§ WHAT TO PRODUCE
Give all the records again, with no alterations.
[[ DATA SHOWN open ]]
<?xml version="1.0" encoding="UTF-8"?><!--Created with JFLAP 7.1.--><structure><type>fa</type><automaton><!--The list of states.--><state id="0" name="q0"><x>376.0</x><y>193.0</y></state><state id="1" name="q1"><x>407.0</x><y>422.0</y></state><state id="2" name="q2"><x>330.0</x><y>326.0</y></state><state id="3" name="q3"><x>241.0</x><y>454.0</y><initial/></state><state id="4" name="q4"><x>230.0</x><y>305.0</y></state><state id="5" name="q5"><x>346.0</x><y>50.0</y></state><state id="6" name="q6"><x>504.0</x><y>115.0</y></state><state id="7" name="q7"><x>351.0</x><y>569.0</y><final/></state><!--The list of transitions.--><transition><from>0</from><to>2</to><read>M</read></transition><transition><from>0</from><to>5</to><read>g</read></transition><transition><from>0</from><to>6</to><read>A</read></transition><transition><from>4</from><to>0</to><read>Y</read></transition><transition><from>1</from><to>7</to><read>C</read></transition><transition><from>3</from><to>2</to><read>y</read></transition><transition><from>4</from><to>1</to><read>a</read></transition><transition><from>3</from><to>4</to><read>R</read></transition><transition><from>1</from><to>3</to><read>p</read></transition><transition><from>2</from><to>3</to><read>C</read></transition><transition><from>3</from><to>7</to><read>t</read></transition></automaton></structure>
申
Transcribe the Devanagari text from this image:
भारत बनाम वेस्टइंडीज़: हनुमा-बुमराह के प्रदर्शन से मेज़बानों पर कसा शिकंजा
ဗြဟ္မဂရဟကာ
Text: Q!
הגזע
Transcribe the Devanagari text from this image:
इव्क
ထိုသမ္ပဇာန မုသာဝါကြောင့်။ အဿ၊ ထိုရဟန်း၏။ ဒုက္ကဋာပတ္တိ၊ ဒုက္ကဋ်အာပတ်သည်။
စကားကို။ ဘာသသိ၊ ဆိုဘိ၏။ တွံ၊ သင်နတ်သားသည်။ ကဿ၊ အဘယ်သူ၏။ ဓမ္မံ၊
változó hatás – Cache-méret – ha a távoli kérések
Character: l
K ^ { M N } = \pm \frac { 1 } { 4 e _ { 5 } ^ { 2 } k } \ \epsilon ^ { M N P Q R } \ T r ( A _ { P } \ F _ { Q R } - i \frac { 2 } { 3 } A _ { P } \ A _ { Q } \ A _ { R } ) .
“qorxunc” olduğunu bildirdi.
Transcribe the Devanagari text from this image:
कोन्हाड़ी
[[ DATA SHOWN closed ]]
§ RESULT BELOW
<?xml version="1.0" encoding="UTF-8"?><!--Created with JFLAP 7.1.--><structure><type>fa</type><automaton><!--The list of states.--><state id="0" name="q0"><x>376.0</x><y>193.0</y></state><state id="1" name="q1"><x>407.0</x><y>422.0</y></state><state id="2" name="q2"><x>330.0</x><y>326.0</y></state><state id="3" name="q3"><x>241.0</x><y>454.0</y><initial/></state><state id="4" name="q4"><x>230.0</x><y>305.0</y></state><state id="5" name="q5"><x>346.0</x><y>50.0</y></state><state id="6" name="q6"><x>504.0</x><y>115.0</y></state><state id="7" name="q7"><x>351.0</x><y>569.0</y><final/></state><!--The list of transitions.--><transition><from>0</from><to>2</to><read>M</read></transition><transition><from>0</from><to>5</to><read>g</read></transition><transition><from>0</from><to>6</to><read>A</read></transition><transition><from>4</from><to>0</to><read>Y</read></transition><transition><from>1</from><to>7</to><read>C</read></transition><transition><from>3</from><to>2</to><read>y</read></transition><transition><from>4</from><to>1</to><read>a</read></transition><transition><from>3</from><to>4</to><read>R</read></transition><transition><from>1</from><to>3</to><read>p</read></transition><transition><from>2</from><to>3</to><read>C</read></transition><transition><from>3</from><to>7</to><read>t</read></transition></automaton></structure>
申
Transcribe the Devanagari text from this image:
भारत बनाम वेस्टइंडीज़: हनुमा-बुमराह के प्रदर्शन से मेज़बानों पर कसा शिकंजा
ဗြဟ္မဂရဟကာ
Text: Q!
הגזע
Transcribe the Devanagari text from this image:
इव्क
ထိုသမ္ပဇာန မုသာဝါကြောင့်။ အဿ၊ ထိုရဟန်း၏။ ဒုက္ကဋာပတ္တိ၊ ဒုက္ကဋ်အာပတ်သည်။
စကားကို။ ဘာသသိ၊ ဆိုဘိ၏။ တွံ၊ သင်နတ်သားသည်။ ကဿ၊ အဘယ်သူ၏။ ဓမ္မံ၊
változó hatás – Cache-méret – ha a távoli kérések
Character: l
K ^ { M N } = \pm \frac { 1 } { 4 e _ { 5 } ^ { 2 } k } \ \epsilon ^ { M N P Q R } \ T r ( A _ { P } \ F _ { Q R } - i \frac { 2 } { 3 } A _ { P } \ A _ { Q } \ A _ { R } ) .
“qorxunc” olduğunu bildirdi.
Transcribe the Devanagari text from this image:
कोन्हाड़ी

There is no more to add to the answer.